Task instructions
Write out the listing below in full and exactly, leaving out every picture.

Provided data
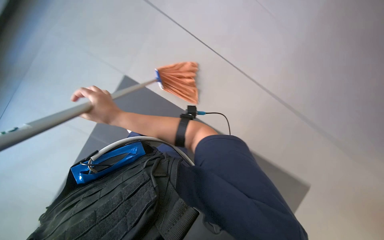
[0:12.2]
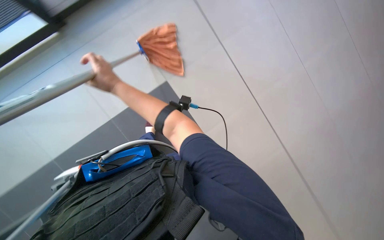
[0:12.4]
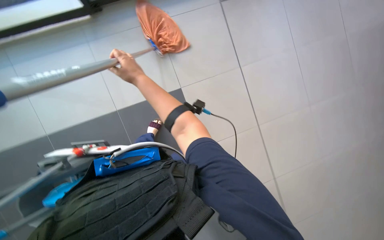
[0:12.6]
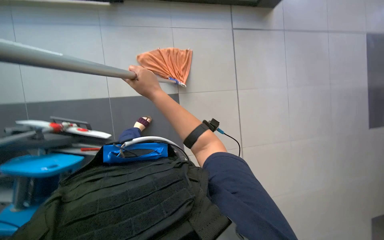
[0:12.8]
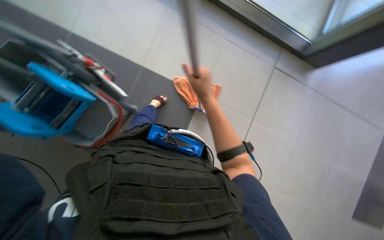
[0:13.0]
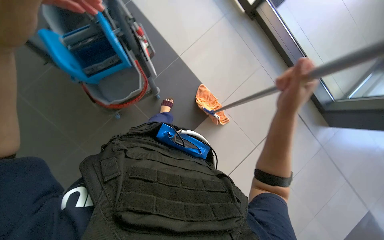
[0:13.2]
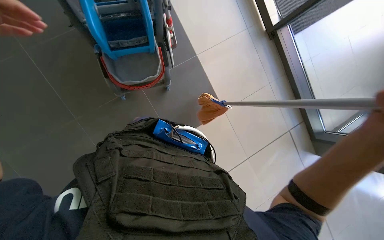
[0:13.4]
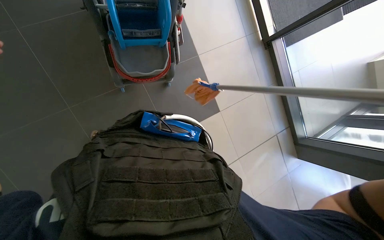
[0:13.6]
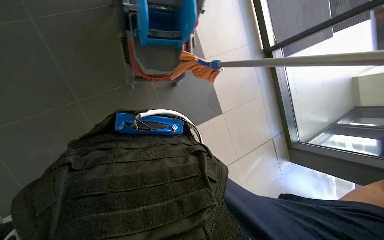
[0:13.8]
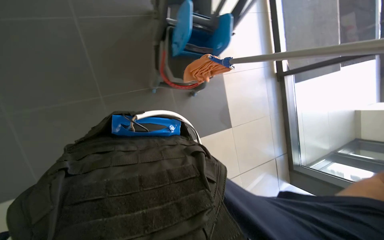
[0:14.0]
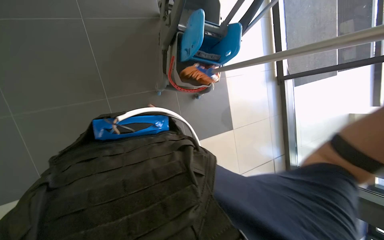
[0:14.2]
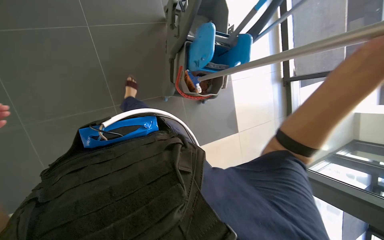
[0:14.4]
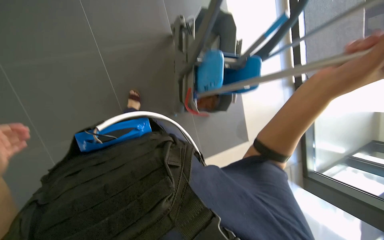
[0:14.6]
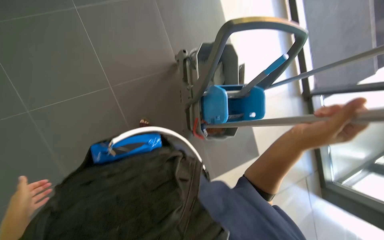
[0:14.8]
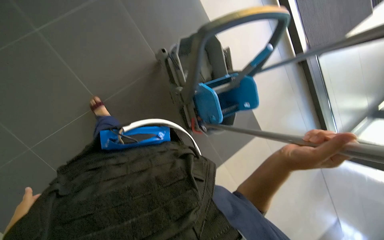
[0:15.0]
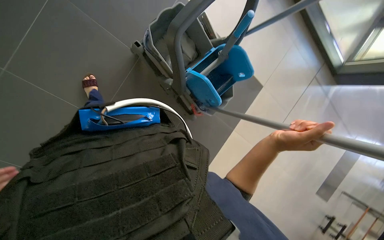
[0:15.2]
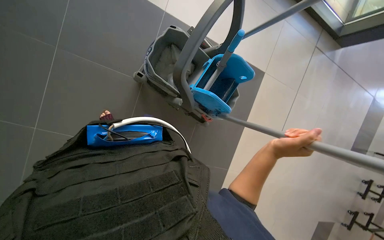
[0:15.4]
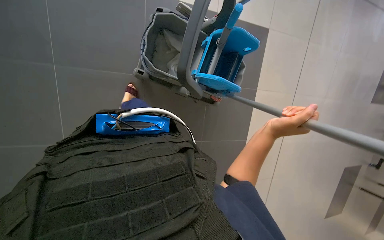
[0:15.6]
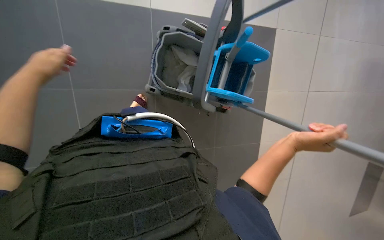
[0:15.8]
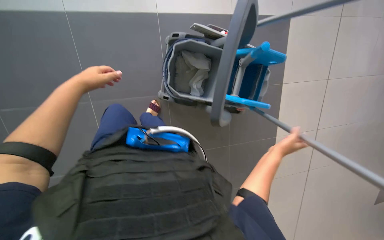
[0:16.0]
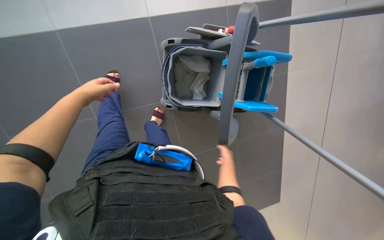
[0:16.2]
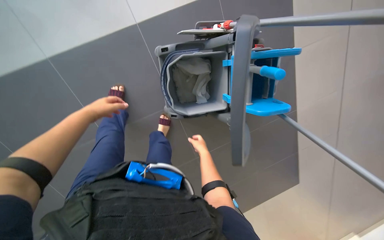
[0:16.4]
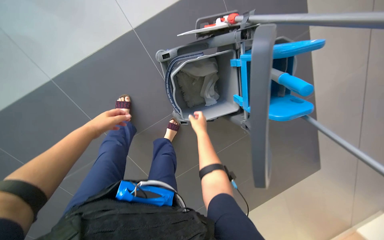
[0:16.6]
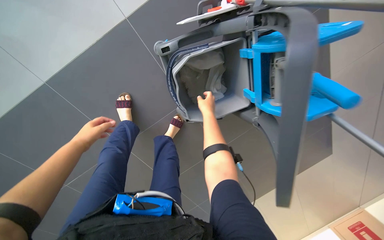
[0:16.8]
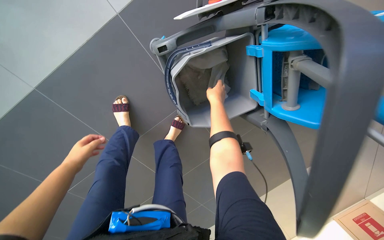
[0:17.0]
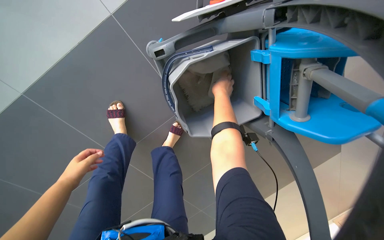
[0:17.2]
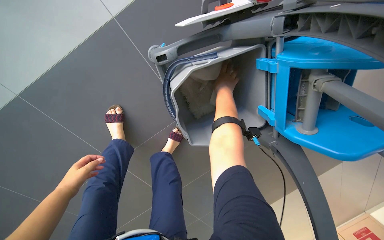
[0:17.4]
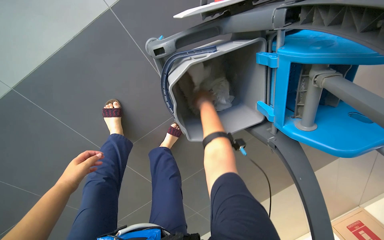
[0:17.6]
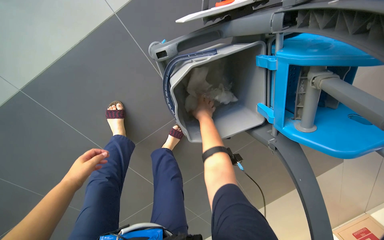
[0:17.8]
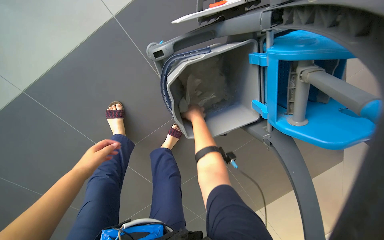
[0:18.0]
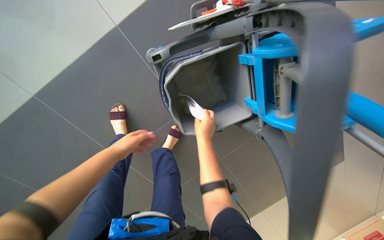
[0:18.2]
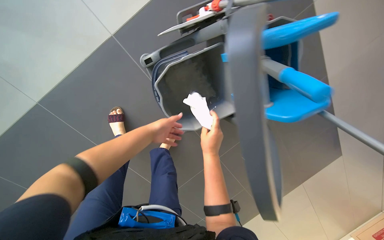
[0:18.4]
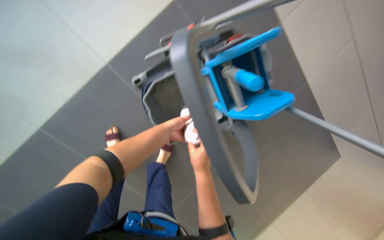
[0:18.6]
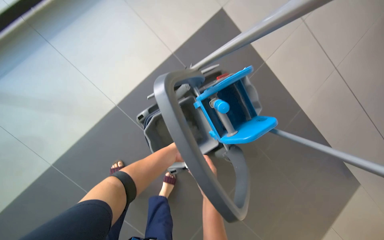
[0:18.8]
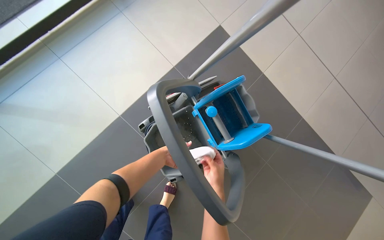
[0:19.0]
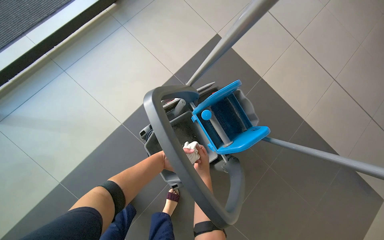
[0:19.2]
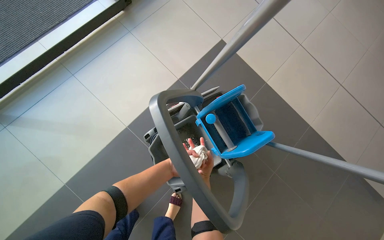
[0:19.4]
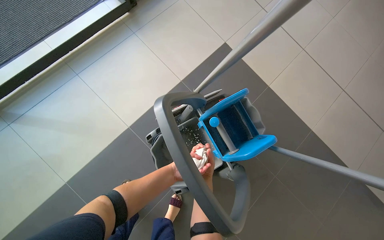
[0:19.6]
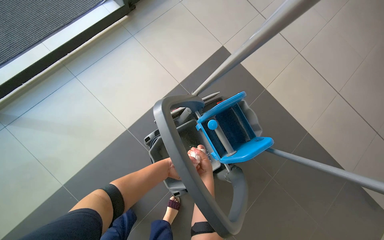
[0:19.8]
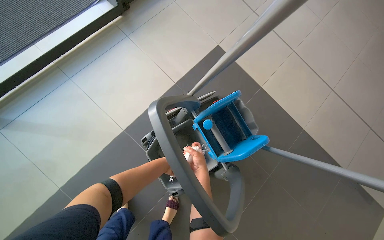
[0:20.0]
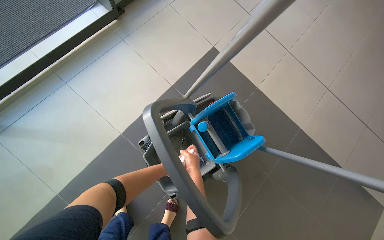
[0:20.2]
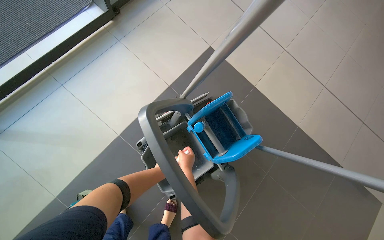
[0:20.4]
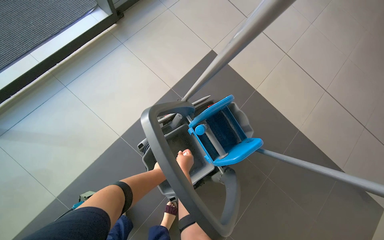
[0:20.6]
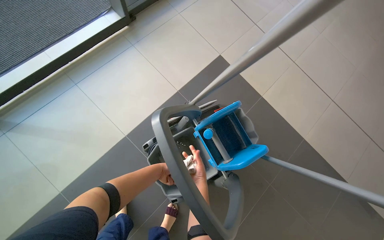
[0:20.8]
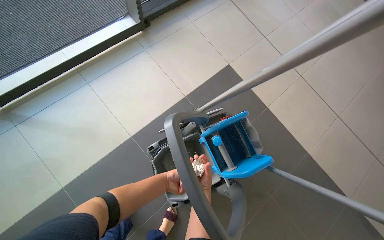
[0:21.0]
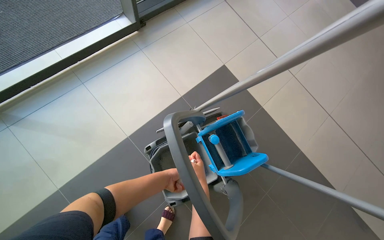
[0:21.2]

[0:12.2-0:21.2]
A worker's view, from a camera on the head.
Job: mopping floor.
The whole recording: Mopping the floor. The worker mops the floor with a mop, wrings it in the bucket, and changes the mop head.
0:12.2 to 0:13.8: The view swings approximately 15 degrees to the right. The scene turns roughly 40 degrees clockwise in the picture.
0:15.2 to 0:16.6: The camera sweeps to the left, by roughly 20 degrees. The right hand heads farther from the camera and to the left, covering approximately 40 cm.
0:16.6 to 0:18.2: The right hand goes up the picture and returns, about 30 cm each way. The left hand shifts about 15 cm to the right.
0:18.2 to 0:19.8: The camera pitches upward, by roughly 35 degrees.
0:19.8 to 0:21.2: The left hand moves about 5 cm farther from the camera and comes back.

Response box
[0:12.2]
[0:12.4]
[0:12.6]
[0:12.8]
[0:13.0]
[0:13.2]
[0:13.4]
[0:13.6]
[0:13.8]
[0:14.0]
[0:14.2]
[0:14.4]
[0:14.6]
[0:14.8]
[0:15.0]
[0:15.2]
[0:15.4]
[0:15.6]
[0:15.8]
[0:16.0]
[0:16.2]
[0:16.4]
[0:16.6]
[0:16.8]
[0:17.0]
[0:17.2]
[0:17.4]
[0:17.6]
[0:17.8]
[0:18.0]
[0:18.2]
[0:18.4]
[0:18.6]
[0:18.8]
[0:19.0]
[0:19.2]
[0:19.4]
[0:19.6]
[0:19.8]
[0:20.0]
[0:20.2]
[0:20.4]
[0:20.6]
[0:20.8]
[0:21.0]
[0:21.2]

[0:12.2-0:21.2]
A worker's view, from a camera on the head.
Job: mopping floor.
The whole recording: Mopping the floor. The worker mops the floor with a mop, wrings it in the bucket, and changes the mop head.
0:12.2 to 0:13.8: The view swings approximately 15 degrees to the right. The scene turns roughly 40 degrees clockwise in the picture.
0:15.2 to 0:16.6: The camera sweeps to the left, by roughly 20 degrees. The right hand heads farther from the camera and to the left, covering approximately 40 cm.
0:16.6 to 0:18.2: The right hand goes up the picture and returns, about 30 cm each way. The left hand shifts about 15 cm to the right.
0:18.2 to 0:19.8: The camera pitches upward, by roughly 35 degrees.
0:19.8 to 0:21.2: The left hand moves about 5 cm farther from the camera and comes back.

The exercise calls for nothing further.